Spending loud night, Bombay-style…an afternoon in the Catholic block…a harem of Hijra…Diwali wonders…

Months ago, I was DJing a graduation party for a Gujarati family in the North Hills.  While I was getting some food during a break I was mentioning to  my friend’s daughter that I would have worn my raw silk kurta, but I thought that it might have been a little too “overboard” for the occasion.  ”Come on, Adam,” she said, “We’re Indians.  Everything is overboard.”

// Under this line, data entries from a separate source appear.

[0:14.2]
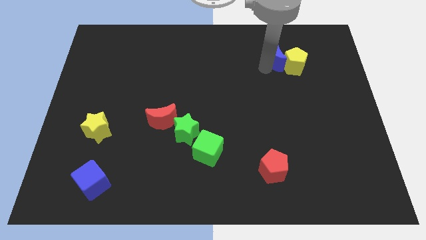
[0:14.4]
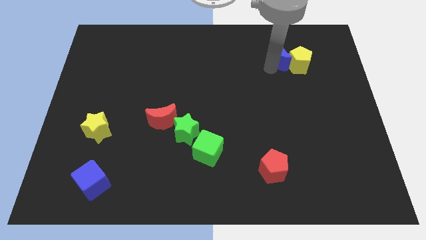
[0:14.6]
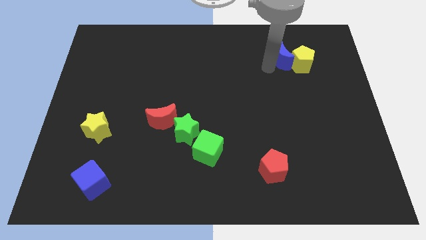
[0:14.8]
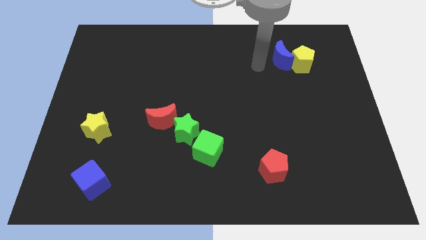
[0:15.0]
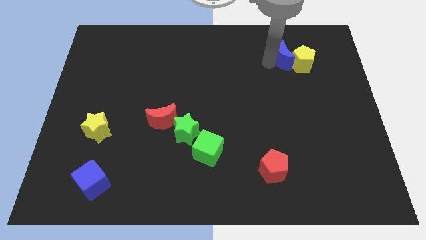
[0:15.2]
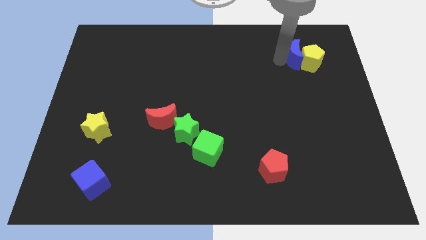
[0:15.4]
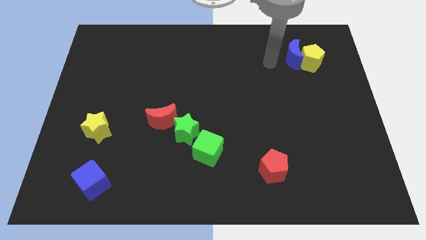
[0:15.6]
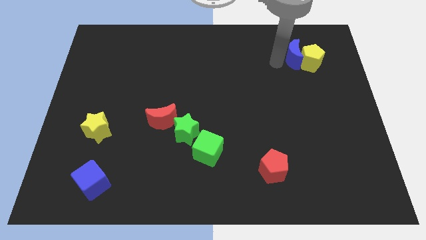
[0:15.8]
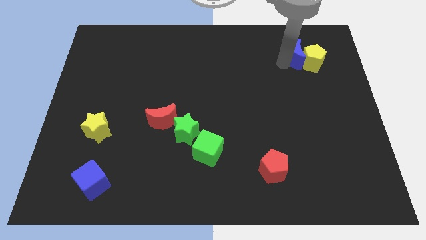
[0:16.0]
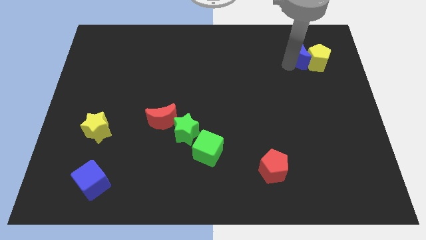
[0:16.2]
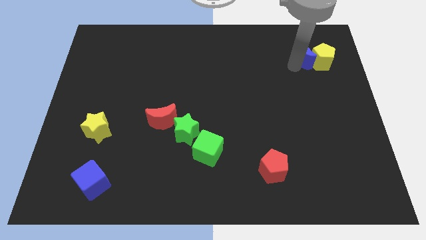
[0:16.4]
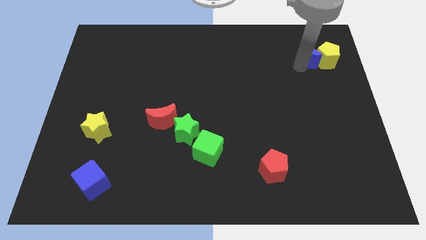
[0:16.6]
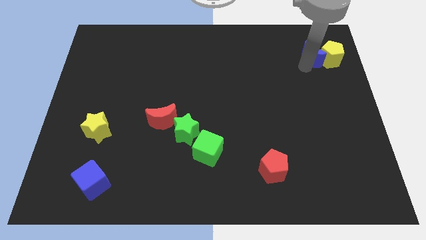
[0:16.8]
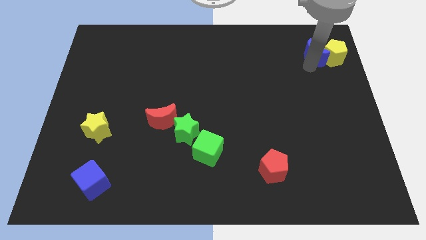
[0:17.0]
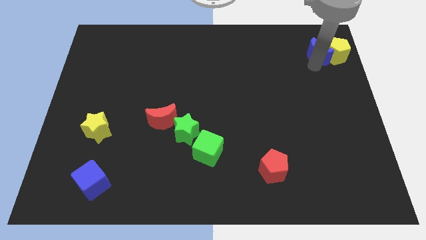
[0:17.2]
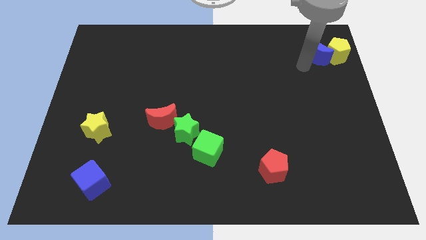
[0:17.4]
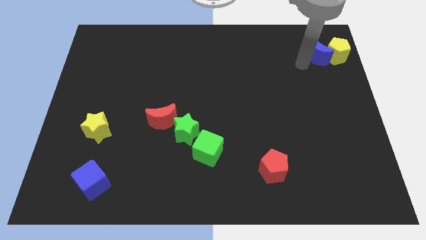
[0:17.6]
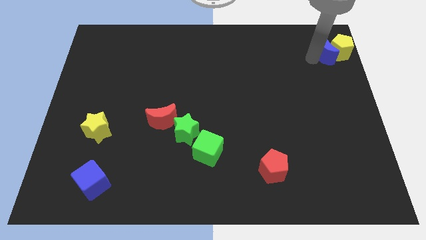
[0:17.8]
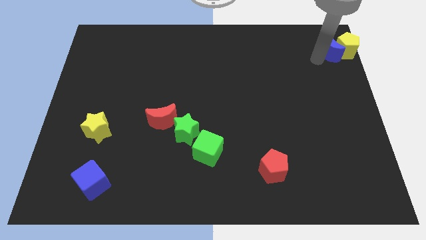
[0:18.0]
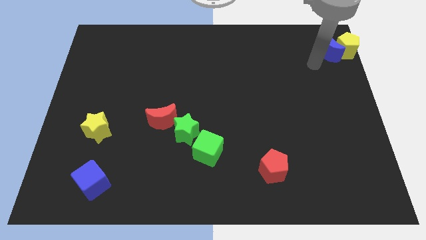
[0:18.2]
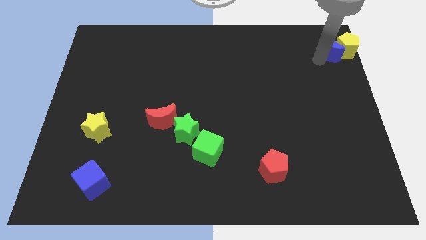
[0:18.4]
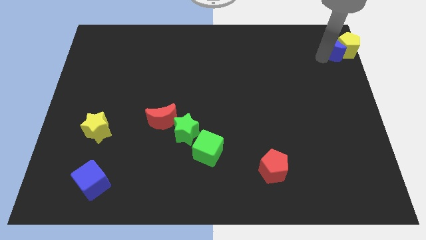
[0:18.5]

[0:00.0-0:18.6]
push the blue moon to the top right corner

 A TR-909 kick-drum pulse blasting for two hours straight at 140 bpm at a sound pressure level of some 100 dB, is indeed, “overboard.”  So it was at the packed, exclusive (evidently) Bombay club Poison that I was nearly struck stone deaf by this juggernaut soundsystem.  It was like listening to Bollywood remixes and deep house as engineered by SUNN 0))) .  Out on the dance floor with my new friends, you really didn’t have a choice but to move - the concussion of the bass resounded in the solar plexus and pummeled your eardrums.  It was kind of astonishing: I have seen Khanate twice and it was not even close the sustained volume of Poison’s system.  I eventually stuck napkins in to blot it out, and my friend J. and I retreated to an area off the floor to attempt to talk over the din (not successful). The place was totally unreal, though - I had clubbed moderately in Pittsburgh before, at Metropol and the Firehouse Lounge mainly - Poison was a quantum leap beyond either of these places, though, with a full-on laser light display and no fewer than three DJs mixing back and forth from the booth all night.  Considerably less smoky than any Pittsburgh club, it was.  I’m not really big on the club scene - if you know me you might be a little surprised by this report on my evening in the chic lane.  But if there is the promise of dancing to the latest filmi sangeet (”Dard-e-Disco” from the new Om Shanti Om was an early banger) fresh from the source, you can bet I would at least devote one evening to tearin’ it up.  Especially if accompanied by such wonderful new friends as it was. 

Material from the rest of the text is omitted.